The board arrived at claimant’s average weekly earnings on the basis of claimant’s testimony that the value of his services to the union was approximately $7,000 per year, and to Nallan Associates, Inc., approximately $14,000 per year. Only the award against the union employer is disputed.

The three methods for computing average weekly wages are provided by section 14 of the Workmen’s Compensation Law. Only the provisions of subdivision 3 of that section would be applicable here since neither subdivision 1 nor 2 can "reasonably and fairly be applied”. Under the provisions of subdivision 3, the average annual earnings shall be such sum as shall reasonably represent the annual earning capacity of the employee in that employment, with a minimum of 200 times his average daily wage as salary. The court finds that subdivision 3 of section 14 was "implicitly applied by the board” in computing claimant’s average weekly wage, even though there is no reference in its decision as to which subdivision or method was actually employed (Matter of Sneyd v Joy-Kar Taxi, 34 AD2d 722). Moreover, the record discloses that the Referee applied the method provided for in subdivision 3 because he found it impossible to determine claimant’s earnings with each employer, since the remuneration received from the respective employments did not truly represent the value of the services rendered in each employment. The court concludes, therefore, that the $10 allowance to the claimant for attendance at monthly meetings did not fairly represent claimant’s earning capacity in his employment with the union, and that the method employed by the board to establish average weekly wage was proper.

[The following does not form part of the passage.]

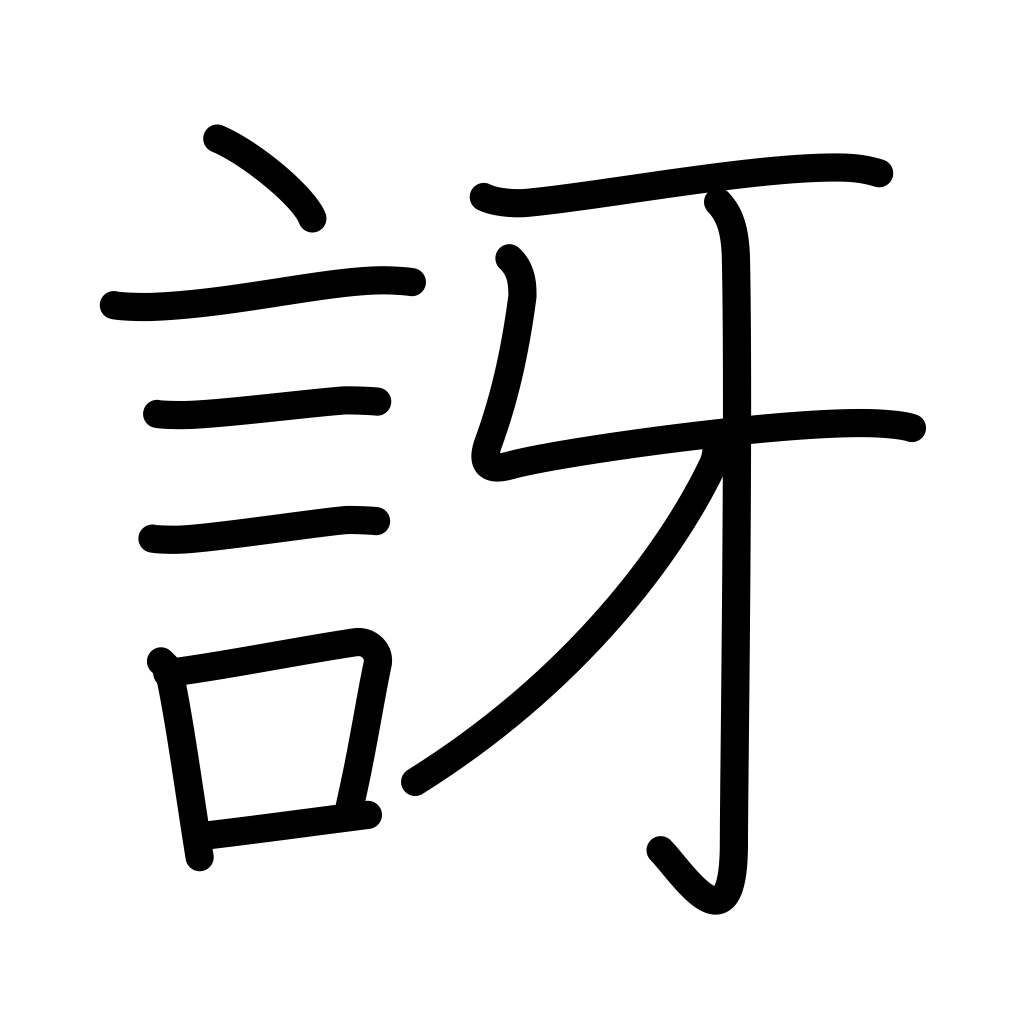
Meaning: doubt

The award of $150 for nursing services performed by claim*370ant’s wife was proper and is supported by substantial evidence (Matter of Leskin v Savin Constr. Co., 21 AD2d 717; Matter of Haeusser v Schaefer Brewing Co., 19 AD2d 944; Matter of Berkowitz v Highmount Hotel, 281 App Div 1000). The amount of the award, however, must be paid only to the claimant. (Workmen’s Compensation Law, §§ 25, 33.)

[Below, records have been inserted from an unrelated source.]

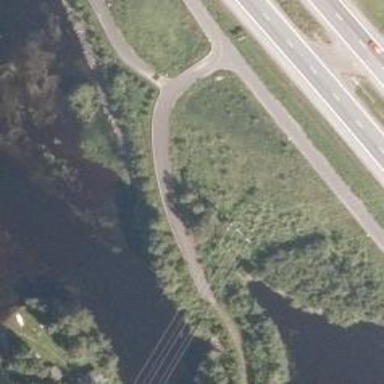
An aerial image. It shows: Cycleway built on embankment.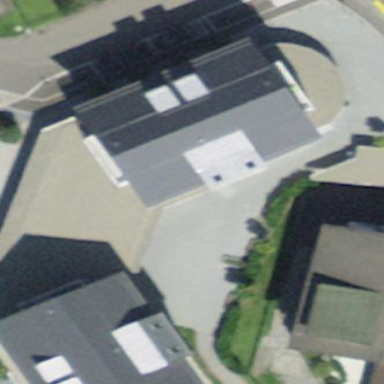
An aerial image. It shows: Nursing home building.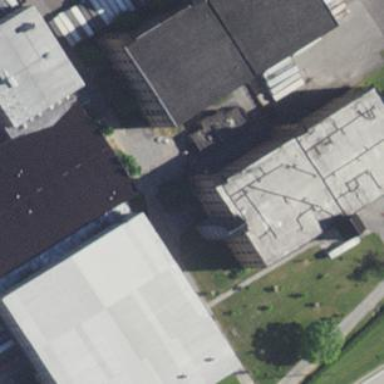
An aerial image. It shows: Part of building.

The board correctly found that claimant is not entitled to be provided with an automobile for travel to and from work. A motor vehicle is not a medical apparatus or device within the scope of section 13 of the Workmen’s Compensation Law (Matter of De Croix v Sumergrade & Sons, 20 AD2d 735; Matter of Carniato v Wheeler Corp., 7 AD2d 328).

The decision should be modified so as to provide for payment of award for nursing services directly to claimant, and, as so modified, affirmed.






Dissenting Opinion

Reynolds, J. (dissenting).

In my opinion there is no substantial evidence to support the finding that claimant was an employee of the union and the method used to establish the average weekly wage was unconscionable and illegal.

Herlihy, P. J., Greenblott and Main, JJ., concur with Koreman, J.; Reynolds, J., dissents and votes to reverse in an opinion.

Decision modified so as to provide for payment of the award for nursing services directly to claimant, and, as so modified, affirmed, without costs.